*Work to complete*: Pictures stay out, but every line of the data is copied exactly.

*Task input*:
▬▬▬▬▬▬▬▬▬▬
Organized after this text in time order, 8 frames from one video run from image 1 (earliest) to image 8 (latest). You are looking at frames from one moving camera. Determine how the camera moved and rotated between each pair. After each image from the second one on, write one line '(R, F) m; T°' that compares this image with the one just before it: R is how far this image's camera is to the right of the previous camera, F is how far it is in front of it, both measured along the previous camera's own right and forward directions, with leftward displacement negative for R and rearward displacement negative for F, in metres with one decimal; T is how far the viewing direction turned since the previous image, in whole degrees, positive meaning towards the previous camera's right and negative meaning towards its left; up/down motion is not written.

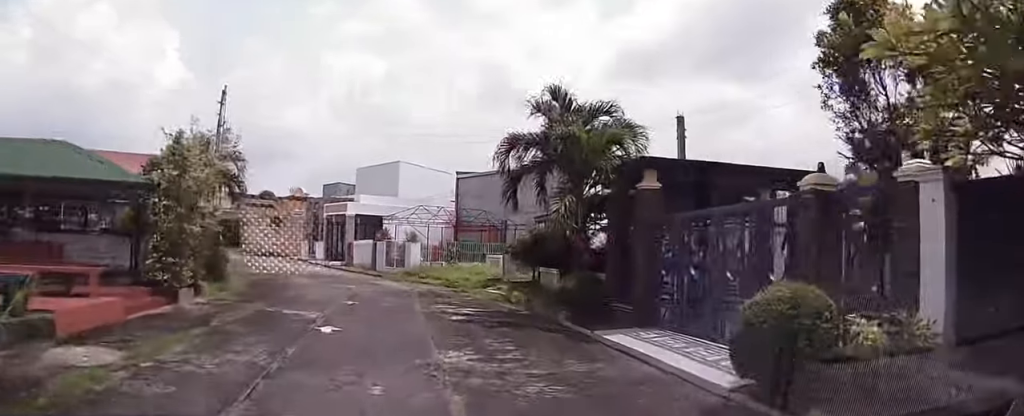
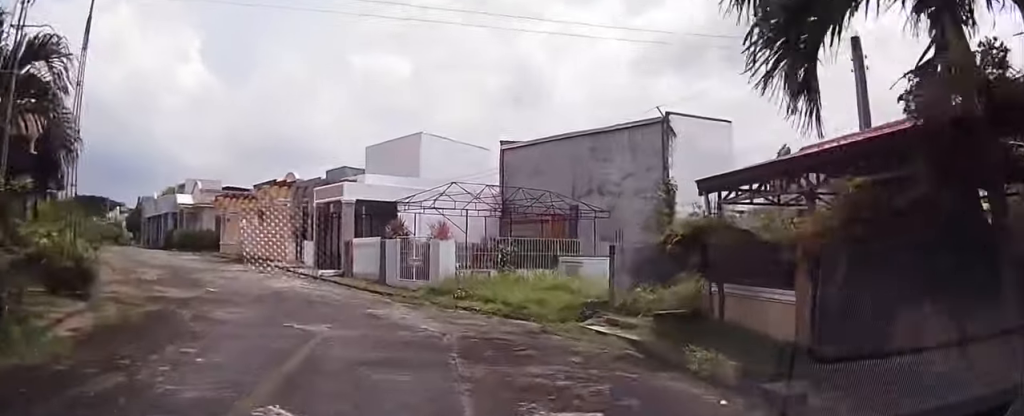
(-0.4, +11.2) m; -10°
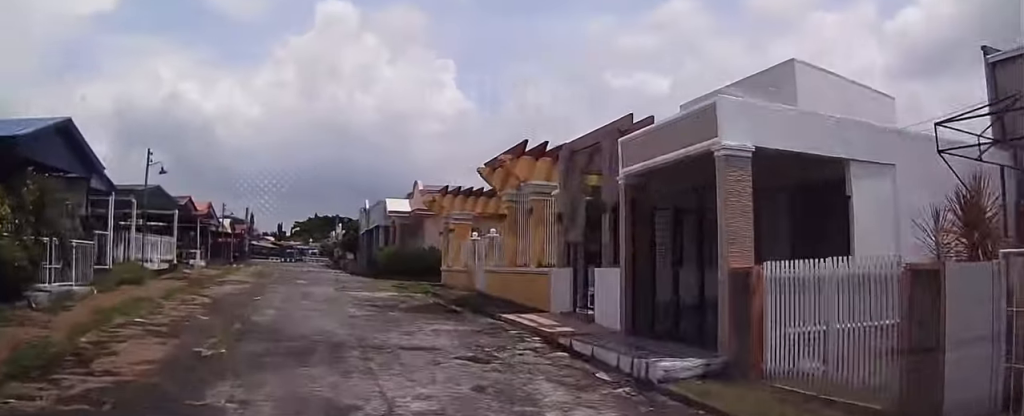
(-2.5, +17.7) m; -15°
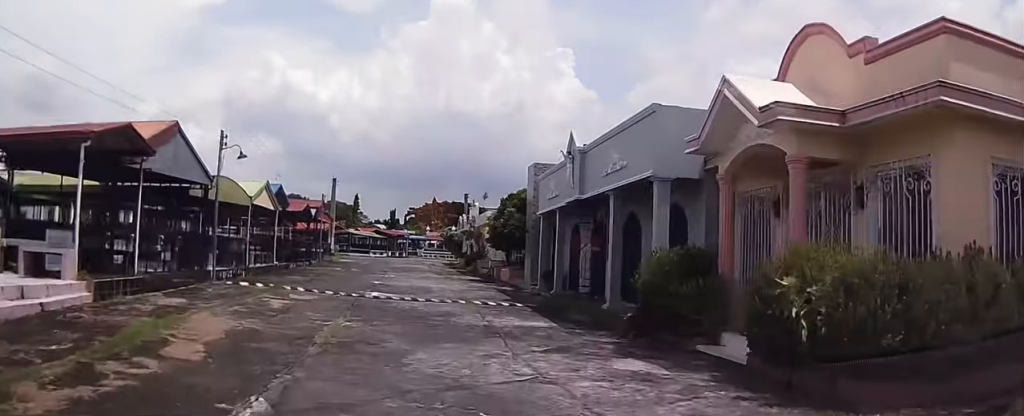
(-3.1, +26.4) m; -9°
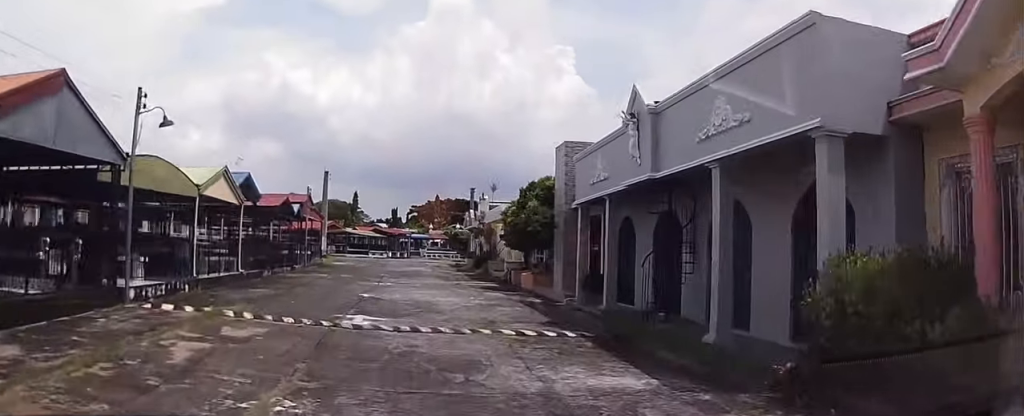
(-0.1, +5.5) m; -2°
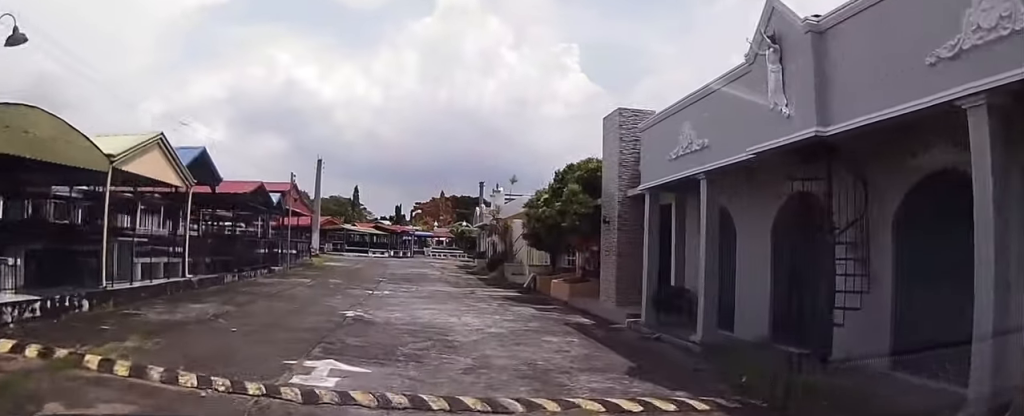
(0.0, +4.6) m; 0°
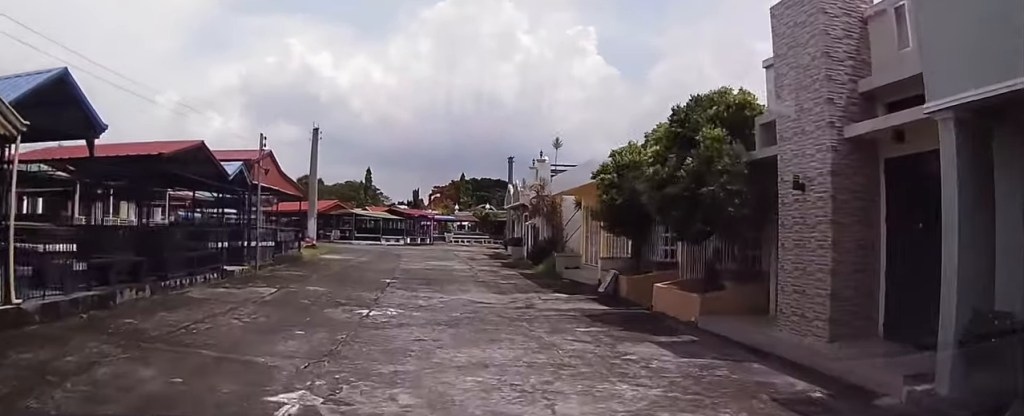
(0.0, +10.1) m; +2°
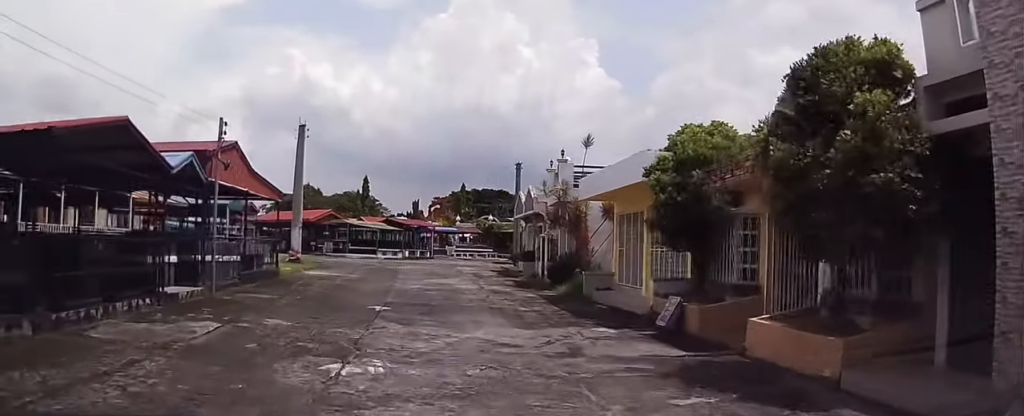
(0.0, +5.1) m; +1°
▬▬▬▬▬▬▬▬▬▬
*Answer to this problem*:
Organized after this text in time order, 8 frames from one video run from image 1 (earliest) to image 8 (latest). You are looking at frames from one moving camera. Determine how the camera moved and rotated between each pair. After each image from the second one on, write one line '(R, F) m; T°' that compares this image with the one just before it: R is how far this image's camera is to the right of the previous camera, F is how far it is in front of it, both measured along the previous camera's own right and forward directions, with leftward displacement negative for R and rearward displacement negative for F, in metres with one decimal; T is how far the viewing direction turned since the previous image, in whole degrees, positive meaning towards the previous camera's right and negative meaning towards its left; up/down motion is not written.

(-0.4, +11.2) m; -10°
(-2.5, +17.7) m; -15°
(-3.1, +26.4) m; -9°
(-0.1, +5.5) m; -2°
(0.0, +4.6) m; 0°
(0.0, +10.1) m; +2°
(0.0, +5.1) m; +1°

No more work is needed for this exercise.